An editorial and op-ed round-up from the world's English language newspapers.

SAUDI ARABIA—“[I]nternational markets are becoming increasingly nervous about the fate of the dollar, the world’s only reserve currency and in times past a haven for anxious investors,” says an editorial in the Jeddah-based Arab News.

“Saudi Arabia is paid in dollars for its oil. Our currency is tied to the dollar. The Kingdom has approximately 2 trillion invested abroad, the greater part of it in the United States. The value of those investments, the value of our oil earnings and the value of our currency are all under threat as politicians in Washington grandstand for their constituents and argue bitterly from two utterly polarized positions.”

AUSTRALIA—““Had Australia – or any other country – tried to build up debt on the U.S. scale, their currencies would immediately have been punished and their folly quickly exposed, ” says an editorial in the Sidney Morning Herald.

"That has not happened to Washington. The arrival of what might, following Paul Keating, be called the United States' banana republic moment has been long delayed, and the delay will make the shock of it worse.”

CANADA—“For the U.S. to begin defaulting on its obligations would be catastrophic, not just for Americans, but for all those who depend on U.S. stability and leadership,” says an editorial in the Toronto-based Globe and Mail.

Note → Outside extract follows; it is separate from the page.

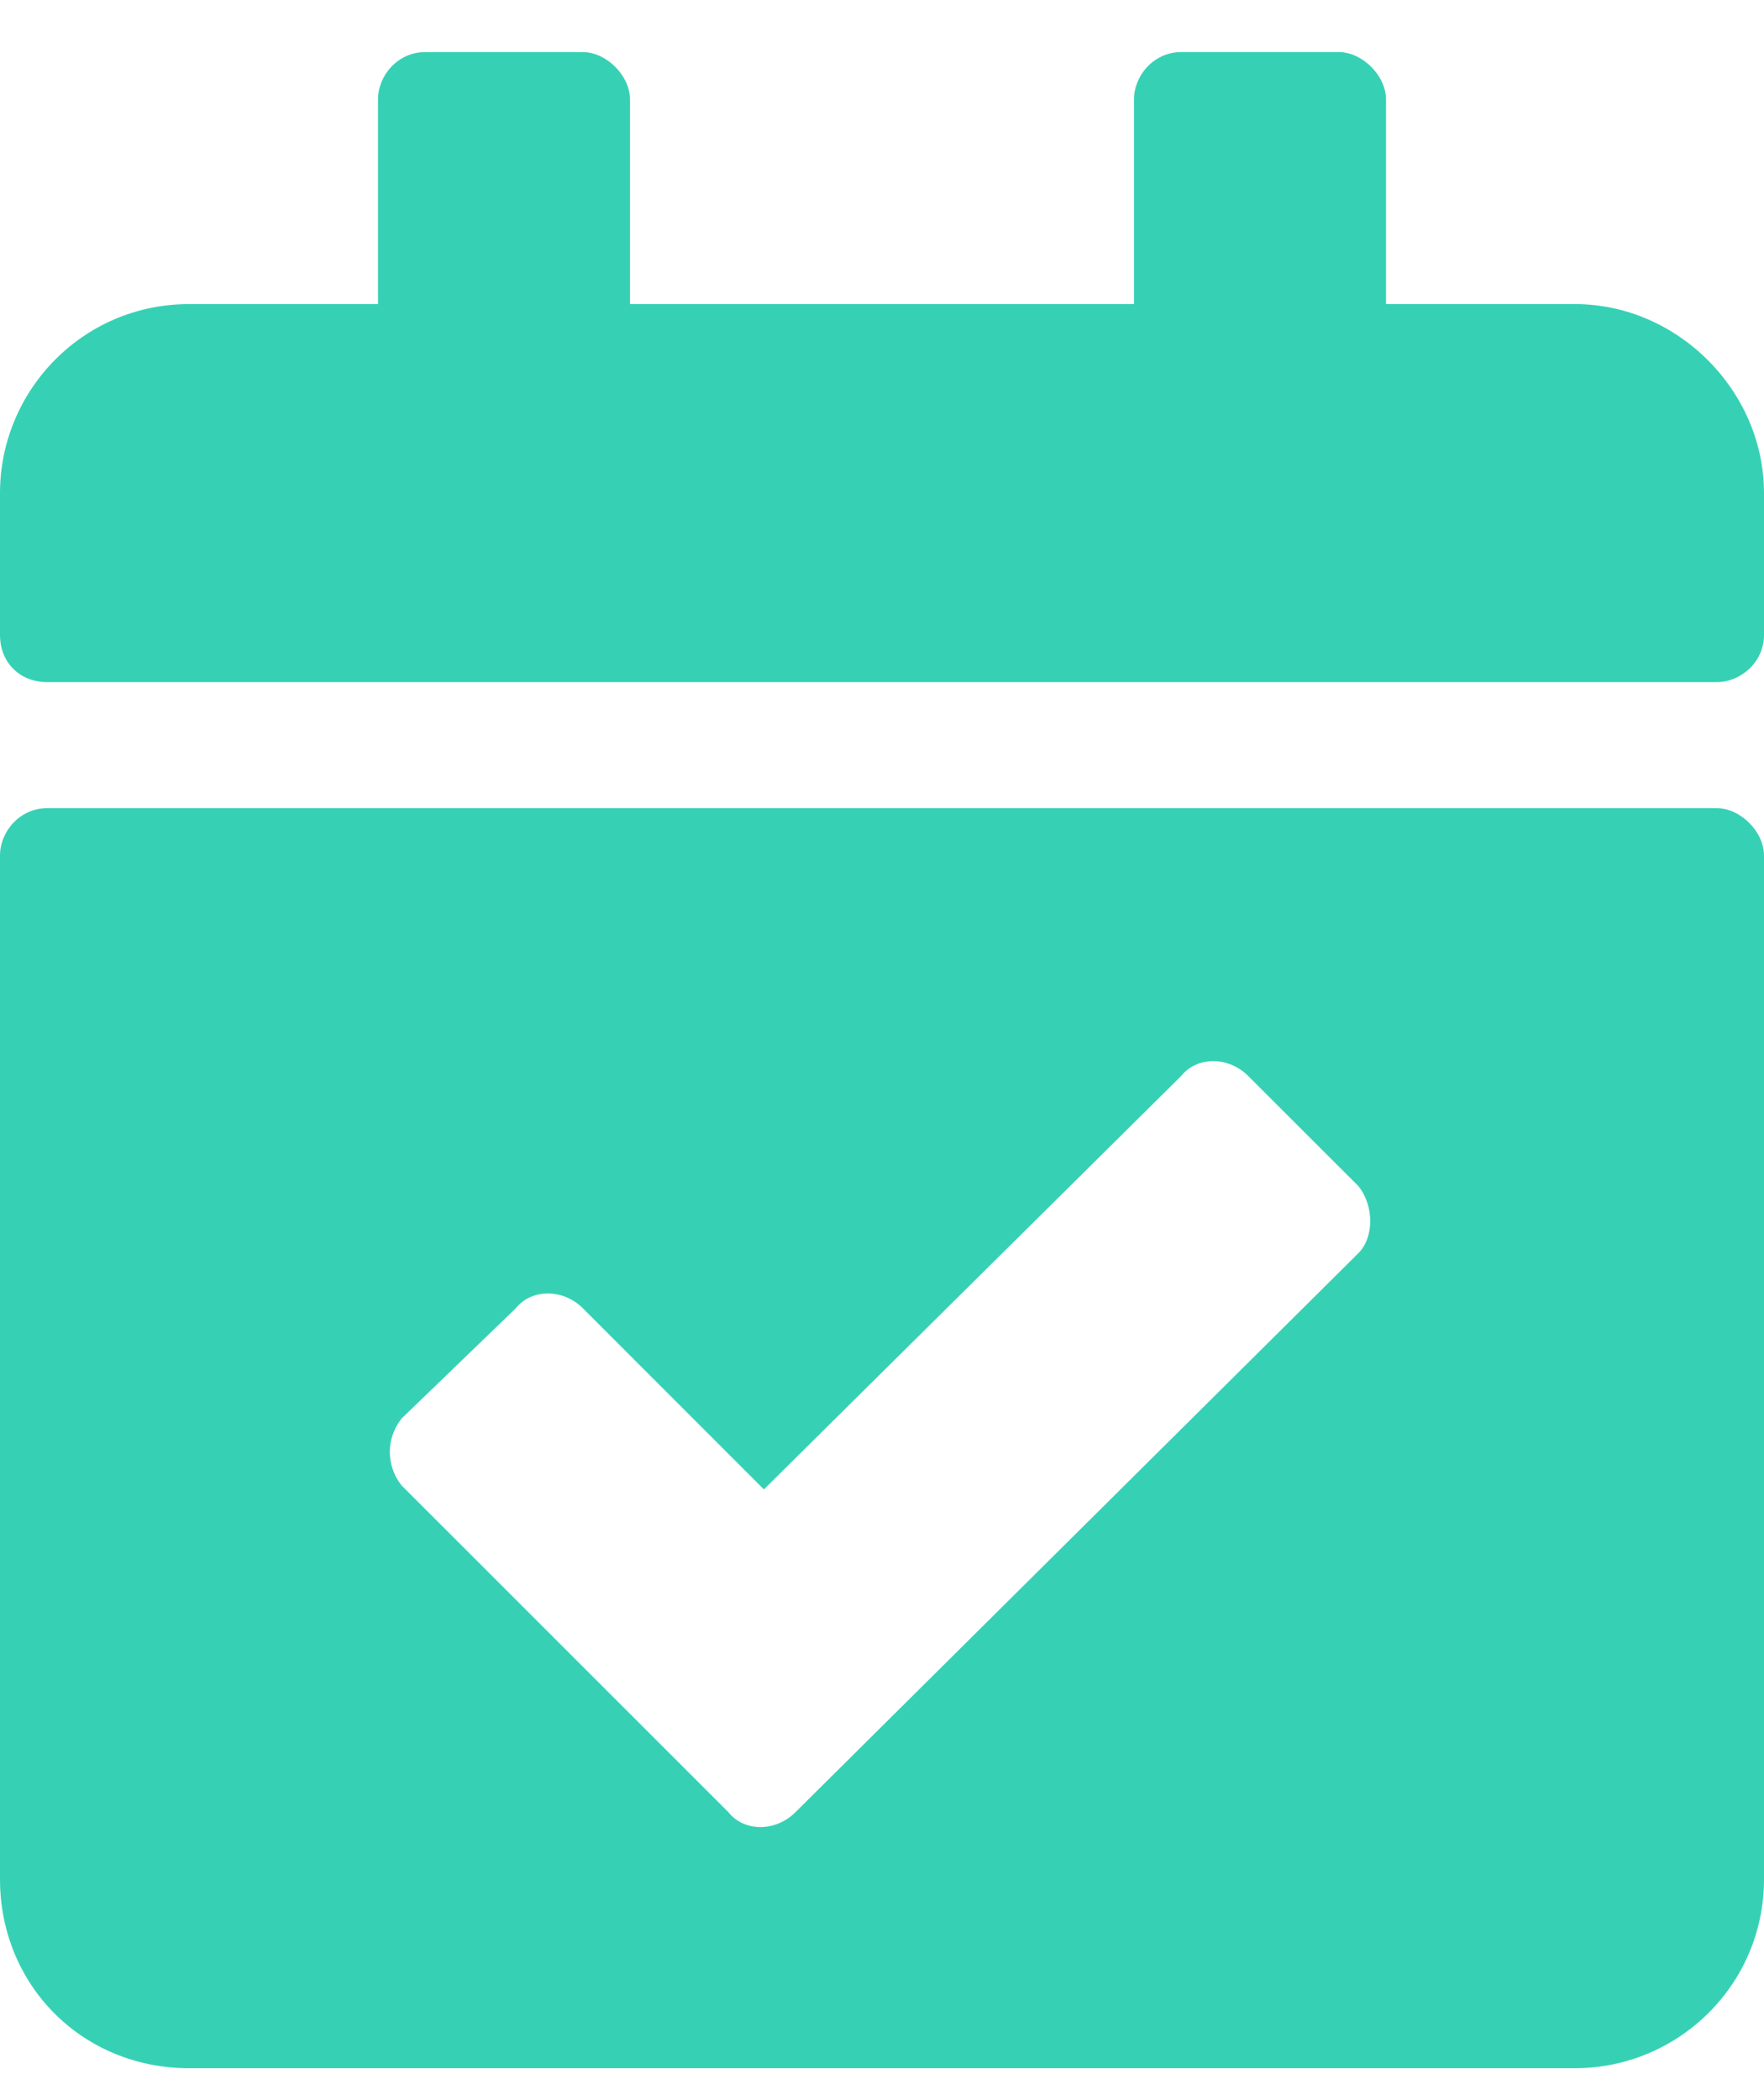 <svg width="21" height="25" viewBox="0 0 21 25" fill="none" xmlns="http://www.w3.org/2000/svg">
<path d="M20.438 8.12H0.562C0.234 8.12 0 7.886 0 7.558V5.87C0 4.651 0.984 3.62 2.25 3.62H4.5V1.183C4.5 0.901 4.734 0.62 5.062 0.62H6.938C7.219 0.62 7.5 0.901 7.5 1.183V3.62H13.5V1.183C13.5 0.901 13.734 0.62 14.062 0.62H15.938C16.219 0.62 16.5 0.901 16.5 1.183V3.62H18.75C19.969 3.62 21 4.651 21 5.87V7.558C21 7.886 20.719 8.12 20.438 8.12ZM0.562 9.62H20.438C20.719 9.62 21 9.901 21 10.183V22.37C21 23.636 19.969 24.62 18.75 24.62H2.25C0.984 24.62 0 23.636 0 22.37V10.183C0 9.901 0.234 9.62 0.562 9.62ZM16.172 14.12L14.859 12.808C14.625 12.573 14.25 12.573 14.062 12.808L9.094 17.73L6.938 15.573C6.703 15.339 6.328 15.339 6.141 15.573L4.781 16.886C4.594 17.12 4.594 17.448 4.781 17.683L8.672 21.573C8.859 21.808 9.234 21.808 9.469 21.573L16.172 14.917C16.359 14.729 16.359 14.354 16.172 14.12Z" fill="#36D1B5"/>
</svg>

“The power the U.S. exercises on the world stage comes largely from its economic strength. Default would demonstrate the U.S.’s inability to meet its commitments. In addition to the economic consequences, that could lead to a loss of its moral authority in international affairs – and that would be a very bad thing.”

UNITED ARAB EMIRATES—“While the U.S. is used to the spectacle of noisy squabbles in Congress, the current game of chicken at the heart of the world's leading economy is unsettling to say the least,” writes Alan Philips in the Abu Dhabi-based National.

“In past years, the raising of the U.S. debt ceiling has been treated as a technical issue to be nodded through by Congress. But this year the ideological battles lines are drawn between those who demand cuts, and those who see borrowing yet more money as the only way. But there is another point of view which is gaining attention. This view holds that there is nothing exceptional going on here. Rather, the progress of liberal democracies from affluence to the brink of bankruptcy – and beyond – is normal, and indeed inevitable.”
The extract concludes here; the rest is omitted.